▶ [INPUT MATERIAL]

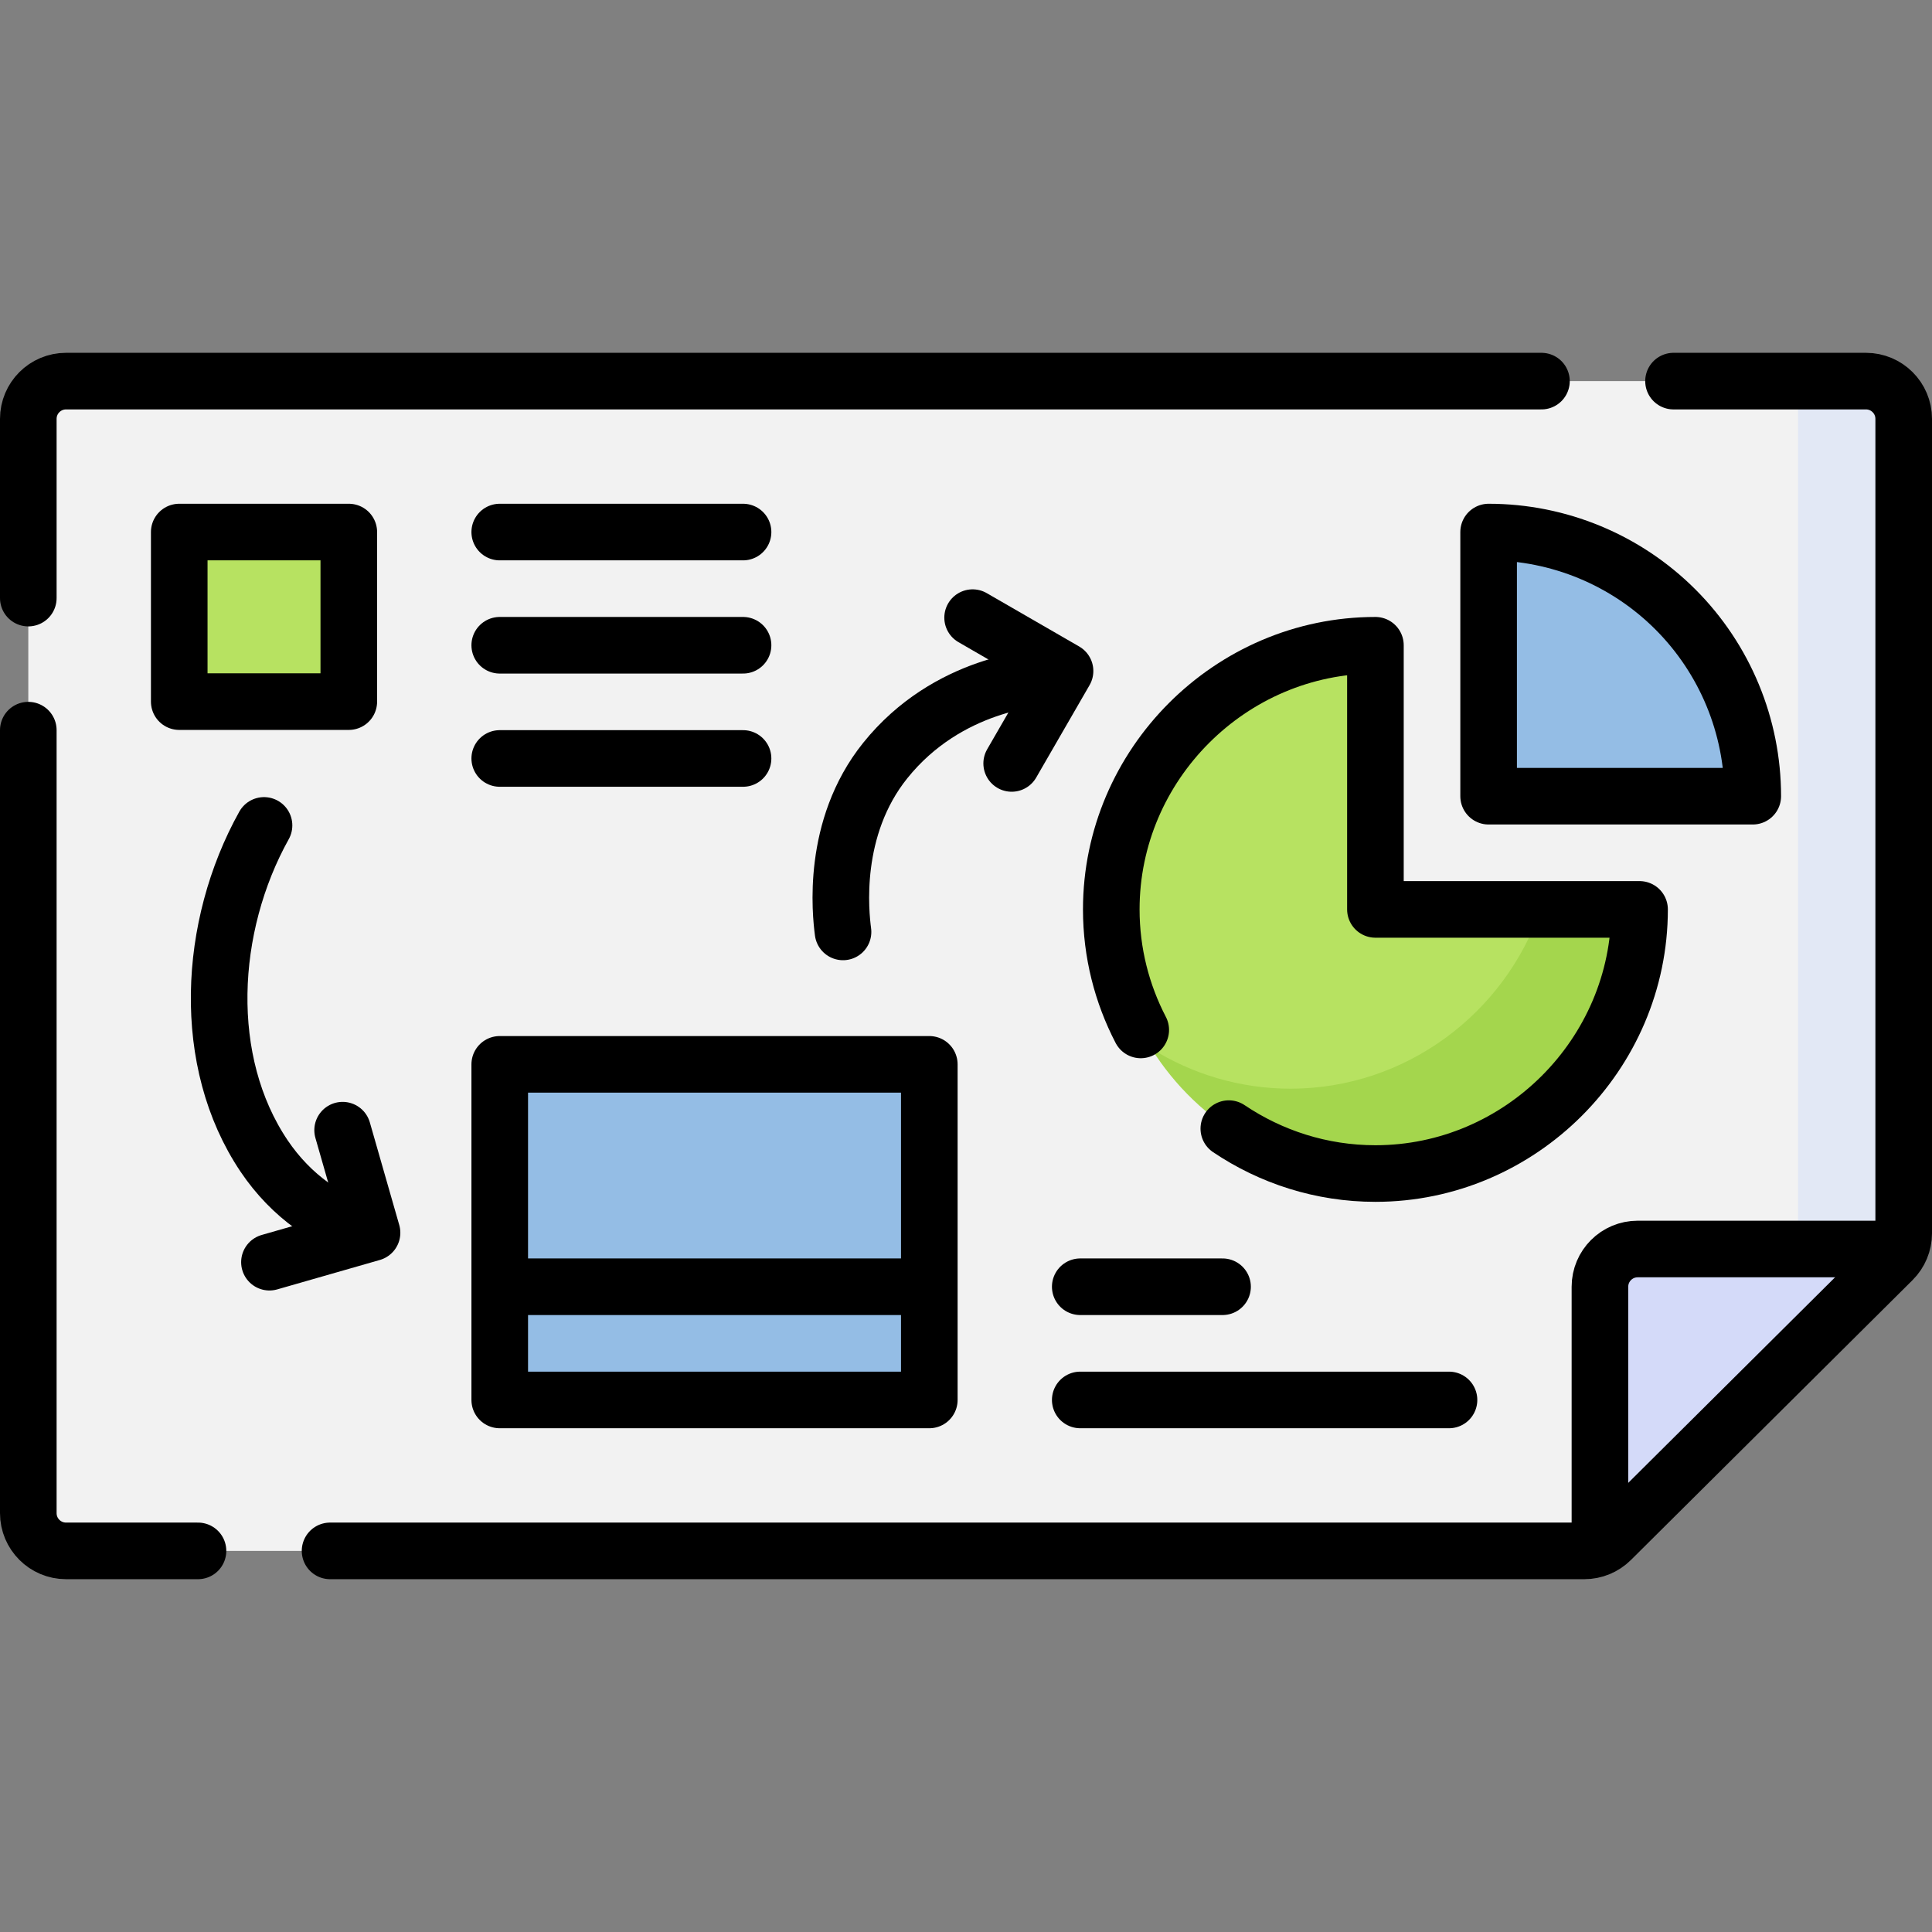 <?xml version="1.0" encoding="UTF-8" standalone="no"?>
<!DOCTYPE svg PUBLIC "-//W3C//DTD SVG 1.1//EN" "http://www.w3.org/Graphics/SVG/1.1/DTD/svg11.dtd">
<svg width="100%" height="100%" viewBox="0 0 512 512" version="1.1" xmlns="http://www.w3.org/2000/svg" xmlns:xlink="http://www.w3.org/1999/xlink" xml:space="preserve" xmlns:serif="http://www.serif.com/" style="fill-rule:evenodd;clip-rule:evenodd;stroke-linecap:round;stroke-linejoin:round;stroke-miterlimit:10;">
    <rect x="0" y="0" width="512" height="512" fill="#808080" stroke="none"/>
    <g>
        <g>
            <path d="M419.876,411L17.5,411C11.977,411 7.5,406.523 7.5,401L7.5,111C7.5,105.477 11.977,101 17.5,101L476.5,101L490.5,106.068C496.023,106.068 500.5,110.545 500.5,116.068L500.011,326.84C500.011,328.171 499.745,329.475 499.244,330.681C498.742,331.887 492,333.952 491.056,334.891L427.809,397.291C426.954,398.141 425.078,409.623 424,410.11C422.716,410.691 421.312,411 419.876,411Z" style="fill:rgb(242,242,242);fill-rule:nonzero;"/>
            <path d="M504.5,111L504.5,326.84C504.5,328.17 504.23,329.48 503.73,330.68C503.23,331.89 476.5,349.25 476.5,349.25L476.5,101L494.5,101C500.02,101 504.5,105.48 504.5,111Z" style="fill:rgb(226,232,245);fill-rule:nonzero;"/>
            <path d="M394.5,209L394.5,143.033C394.5,141.915 395.417,140.997 396.534,141.029C414.356,141.547 431.355,148.86 443.998,161.502C456.64,174.144 463.953,191.144 464.471,208.966C464.503,210.083 463.585,211 462.467,211L396.5,211C395.395,211 394.5,210.105 394.5,209Z" style="fill:rgb(148,189,229);fill-rule:nonzero;"/>
            <path d="M366.5,241L408.26,241L428.485,244.109C429.601,244.109 430.518,245.023 430.485,246.138C429.395,283.616 403.037,306.561 365.315,306.561C340.406,306.561 324.471,294.324 305.13,277.88C298.404,267.143 294.5,254.492 294.5,241C294.5,203.278 324.992,172.119 362.471,171.029C363.587,170.997 364.5,171.913 364.5,173.029L364.5,239C364.5,240.105 365.395,241 366.5,241Z" style="fill:rgb(183,226,97);fill-rule:nonzero;"/>
            <path d="M434.47,243.03C433.38,280.51 402.22,311 364.5,311C339.59,311 317.54,297.7 305.13,277.88C315.87,284.61 328.52,288.51 342.01,288.51C372.57,288.51 398.81,268.51 408.26,241L432.47,241C433.59,241 434.5,241.91 434.47,243.03Z" style="fill:rgb(164,214,77);fill-rule:nonzero;"/>
            <path d="M90.436,185.936L49.5,185.936C48.395,185.936 47.5,185.041 47.5,183.936L47.5,143C47.5,141.895 48.395,141 49.5,141L90.436,141C91.541,141 92.436,141.895 92.436,143L92.436,183.936C92.436,185.041 91.541,185.936 90.436,185.936Z" style="fill:rgb(183,226,97);fill-rule:nonzero;"/>
            <path d="M243.277,371L135.437,371C133.78,371 132.437,369.657 132.437,368L132.437,348.5L137.551,341L132.437,333.5L132.437,285.064C132.437,283.407 133.78,282.064 135.437,282.064L243.277,282.064C244.934,282.064 246.277,283.407 246.277,285.064L246.277,333.5L238.633,341L246.277,348.5L246.277,368C246.277,369.657 244.933,371 243.277,371Z" style="fill:rgb(148,189,229);fill-rule:nonzero;"/>
            <path d="M503.59,331C503.1,332.09 502.42,333.08 501.55,333.93L426.93,408.09C426.07,408.94 425.08,409.62 424,410.11L424,341C424,335.48 428.48,331 434,331L503.59,331Z" style="fill:rgb(212,218,249);fill-rule:nonzero;"/>
        </g>
        <g>
            <path d="M443.5,101L494.5,101C500.02,101 504.5,105.48 504.5,111L504.5,326.84C504.5,329.5 503.44,332.06 501.55,333.93L426.93,408.09C425.05,409.95 422.52,411 419.88,411L87.47,411M7.5,193.5L7.5,401C7.5,406.52 11.98,411 17.5,411L52.47,411M7.5,158.5L7.5,111C7.5,105.48 11.98,101 17.5,101L408.5,101" style="fill:none;fill-rule:nonzero;stroke:black;stroke-width:15px;"/>
            <path d="M394.5,211L394.5,141C413.058,141 430.875,148.38 443.997,161.503C457.12,174.625 464.5,192.442 464.5,211L394.5,211Z" style="fill:none;fill-rule:nonzero;stroke:black;stroke-width:15px;"/>
            <path d="M325.65,299.1C336.79,306.6 350.17,311 364.5,311C402.9,311 434.5,279.4 434.5,241L364.5,241L364.5,171C326.1,171 294.5,202.6 294.5,241C294.5,252.48 297.32,263.34 302.31,272.94" style="fill:none;fill-rule:nonzero;stroke:black;stroke-width:15px;"/>
            <rect x="47.5" y="141" width="44.936" height="44.936" style="fill:none;stroke:black;stroke-width:15px;"/>
            <path d="M132.436,141L196.915,141" style="fill:none;fill-rule:nonzero;stroke:black;stroke-width:15px;"/>
            <path d="M132.436,171L196.915,171" style="fill:none;fill-rule:nonzero;stroke:black;stroke-width:15px;"/>
            <path d="M132.436,201L196.915,201" style="fill:none;fill-rule:nonzero;stroke:black;stroke-width:15px;"/>
            <rect x="132.436" y="282.064" width="113.84" height="88.936" style="fill:none;stroke:black;stroke-width:15px;"/>
            <path d="M69.968,218.745C55.042,245.554 53.2,281.368 69.968,306.319C77.174,317.042 87.468,324.106 97.681,326.532" style="fill:none;fill-rule:nonzero;stroke:black;stroke-width:15px;"/>
            <path d="M223.411,246.966C222.77,242.064 220.234,219.426 234.609,201.541C251.158,180.952 275.107,179.508 278.498,179.395" style="fill:none;fill-rule:nonzero;stroke:black;stroke-width:15px;"/>
            <path d="M384,371L286.277,371" style="fill:none;fill-rule:nonzero;stroke:black;stroke-width:15px;"/>
            <path d="M323.989,341L286.277,341" style="fill:none;fill-rule:nonzero;stroke:black;stroke-width:15px;"/>
            <path d="M133.436,341L244.277,341" style="fill:none;fill-rule:nonzero;stroke:black;stroke-width:15px;"/>
            <path d="M90.798,299.508L98.594,326.696L71.406,334.492" style="fill:none;fill-rule:nonzero;stroke:black;stroke-width:15px;"/>
            <path d="M257.753,163.682L282.247,177.824L268.105,202.318" style="fill:none;fill-rule:nonzero;stroke:black;stroke-width:15px;"/>
            <path d="M424,410L424,341C424,335.477 428.477,331 434,331L503,331" style="fill:none;fill-rule:nonzero;stroke:black;stroke-width:15px;"/>
        </g>
    </g>
</svg>

▶ [EXERCISE OBJECTIVE] All of the records above are to be written out exactly, minus their images.

▶ [ANSWER TO THIS EXERCISE]
 <?xml version="1.0" encoding="UTF-8" standalone="no"?>
<!DOCTYPE svg PUBLIC "-//W3C//DTD SVG 1.1//EN" "http://www.w3.org/Graphics/SVG/1.1/DTD/svg11.dtd">
<svg width="100%" height="100%" viewBox="0 0 512 512" version="1.1" xmlns="http://www.w3.org/2000/svg" xmlns:xlink="http://www.w3.org/1999/xlink" xml:space="preserve" xmlns:serif="http://www.serif.com/" style="fill-rule:evenodd;clip-rule:evenodd;stroke-linecap:round;stroke-linejoin:round;stroke-miterlimit:10;">
    <rect x="0" y="0" width="512" height="512" fill="#808080" stroke="none"/>
    <g>
        <g>
            <path d="M419.876,411L17.5,411C11.977,411 7.5,406.523 7.5,401L7.5,111C7.5,105.477 11.977,101 17.5,101L476.5,101L490.5,106.068C496.023,106.068 500.5,110.545 500.5,116.068L500.011,326.84C500.011,328.171 499.745,329.475 499.244,330.681C498.742,331.887 492,333.952 491.056,334.891L427.809,397.291C426.954,398.141 425.078,409.623 424,410.11C422.716,410.691 421.312,411 419.876,411Z" style="fill:rgb(242,242,242);fill-rule:nonzero;"/>
            <path d="M504.5,111L504.5,326.84C504.5,328.17 504.23,329.48 503.73,330.68C503.23,331.89 476.5,349.25 476.5,349.25L476.5,101L494.5,101C500.02,101 504.5,105.48 504.5,111Z" style="fill:rgb(226,232,245);fill-rule:nonzero;"/>
            <path d="M394.5,209L394.5,143.033C394.5,141.915 395.417,140.997 396.534,141.029C414.356,141.547 431.355,148.86 443.998,161.502C456.64,174.144 463.953,191.144 464.471,208.966C464.503,210.083 463.585,211 462.467,211L396.5,211C395.395,211 394.5,210.105 394.5,209Z" style="fill:rgb(148,189,229);fill-rule:nonzero;"/>
            <path d="M366.5,241L408.26,241L428.485,244.109C429.601,244.109 430.518,245.023 430.485,246.138C429.395,283.616 403.037,306.561 365.315,306.561C340.406,306.561 324.471,294.324 305.13,277.88C298.404,267.143 294.5,254.492 294.5,241C294.5,203.278 324.992,172.119 362.471,171.029C363.587,170.997 364.5,171.913 364.5,173.029L364.5,239C364.5,240.105 365.395,241 366.5,241Z" style="fill:rgb(183,226,97);fill-rule:nonzero;"/>
            <path d="M434.47,243.03C433.38,280.51 402.22,311 364.5,311C339.59,311 317.54,297.7 305.13,277.88C315.87,284.61 328.52,288.51 342.01,288.51C372.57,288.51 398.81,268.51 408.26,241L432.47,241C433.59,241 434.5,241.91 434.47,243.03Z" style="fill:rgb(164,214,77);fill-rule:nonzero;"/>
            <path d="M90.436,185.936L49.5,185.936C48.395,185.936 47.5,185.041 47.5,183.936L47.5,143C47.5,141.895 48.395,141 49.5,141L90.436,141C91.541,141 92.436,141.895 92.436,143L92.436,183.936C92.436,185.041 91.541,185.936 90.436,185.936Z" style="fill:rgb(183,226,97);fill-rule:nonzero;"/>
            <path d="M243.277,371L135.437,371C133.78,371 132.437,369.657 132.437,368L132.437,348.5L137.551,341L132.437,333.5L132.437,285.064C132.437,283.407 133.78,282.064 135.437,282.064L243.277,282.064C244.934,282.064 246.277,283.407 246.277,285.064L246.277,333.5L238.633,341L246.277,348.5L246.277,368C246.277,369.657 244.933,371 243.277,371Z" style="fill:rgb(148,189,229);fill-rule:nonzero;"/>
            <path d="M503.59,331C503.1,332.09 502.42,333.08 501.55,333.93L426.93,408.09C426.07,408.94 425.08,409.62 424,410.11L424,341C424,335.48 428.48,331 434,331L503.59,331Z" style="fill:rgb(212,218,249);fill-rule:nonzero;"/>
        </g>
        <g>
            <path d="M443.5,101L494.5,101C500.02,101 504.5,105.48 504.5,111L504.5,326.84C504.5,329.5 503.44,332.06 501.55,333.93L426.93,408.09C425.05,409.95 422.52,411 419.88,411L87.47,411M7.5,193.5L7.5,401C7.5,406.52 11.98,411 17.5,411L52.47,411M7.5,158.5L7.5,111C7.5,105.48 11.98,101 17.5,101L408.5,101" style="fill:none;fill-rule:nonzero;stroke:black;stroke-width:15px;"/>
            <path d="M394.5,211L394.5,141C413.058,141 430.875,148.38 443.997,161.503C457.12,174.625 464.5,192.442 464.5,211L394.5,211Z" style="fill:none;fill-rule:nonzero;stroke:black;stroke-width:15px;"/>
            <path d="M325.65,299.1C336.79,306.6 350.17,311 364.5,311C402.9,311 434.5,279.4 434.5,241L364.5,241L364.5,171C326.1,171 294.5,202.6 294.5,241C294.5,252.48 297.32,263.34 302.31,272.94" style="fill:none;fill-rule:nonzero;stroke:black;stroke-width:15px;"/>
            <rect x="47.5" y="141" width="44.936" height="44.936" style="fill:none;stroke:black;stroke-width:15px;"/>
            <path d="M132.436,141L196.915,141" style="fill:none;fill-rule:nonzero;stroke:black;stroke-width:15px;"/>
            <path d="M132.436,171L196.915,171" style="fill:none;fill-rule:nonzero;stroke:black;stroke-width:15px;"/>
            <path d="M132.436,201L196.915,201" style="fill:none;fill-rule:nonzero;stroke:black;stroke-width:15px;"/>
            <rect x="132.436" y="282.064" width="113.84" height="88.936" style="fill:none;stroke:black;stroke-width:15px;"/>
            <path d="M69.968,218.745C55.042,245.554 53.2,281.368 69.968,306.319C77.174,317.042 87.468,324.106 97.681,326.532" style="fill:none;fill-rule:nonzero;stroke:black;stroke-width:15px;"/>
            <path d="M223.411,246.966C222.77,242.064 220.234,219.426 234.609,201.541C251.158,180.952 275.107,179.508 278.498,179.395" style="fill:none;fill-rule:nonzero;stroke:black;stroke-width:15px;"/>
            <path d="M384,371L286.277,371" style="fill:none;fill-rule:nonzero;stroke:black;stroke-width:15px;"/>
            <path d="M323.989,341L286.277,341" style="fill:none;fill-rule:nonzero;stroke:black;stroke-width:15px;"/>
            <path d="M133.436,341L244.277,341" style="fill:none;fill-rule:nonzero;stroke:black;stroke-width:15px;"/>
            <path d="M90.798,299.508L98.594,326.696L71.406,334.492" style="fill:none;fill-rule:nonzero;stroke:black;stroke-width:15px;"/>
            <path d="M257.753,163.682L282.247,177.824L268.105,202.318" style="fill:none;fill-rule:nonzero;stroke:black;stroke-width:15px;"/>
            <path d="M424,410L424,341C424,335.477 428.477,331 434,331L503,331" style="fill:none;fill-rule:nonzero;stroke:black;stroke-width:15px;"/>
        </g>
    </g>
</svg>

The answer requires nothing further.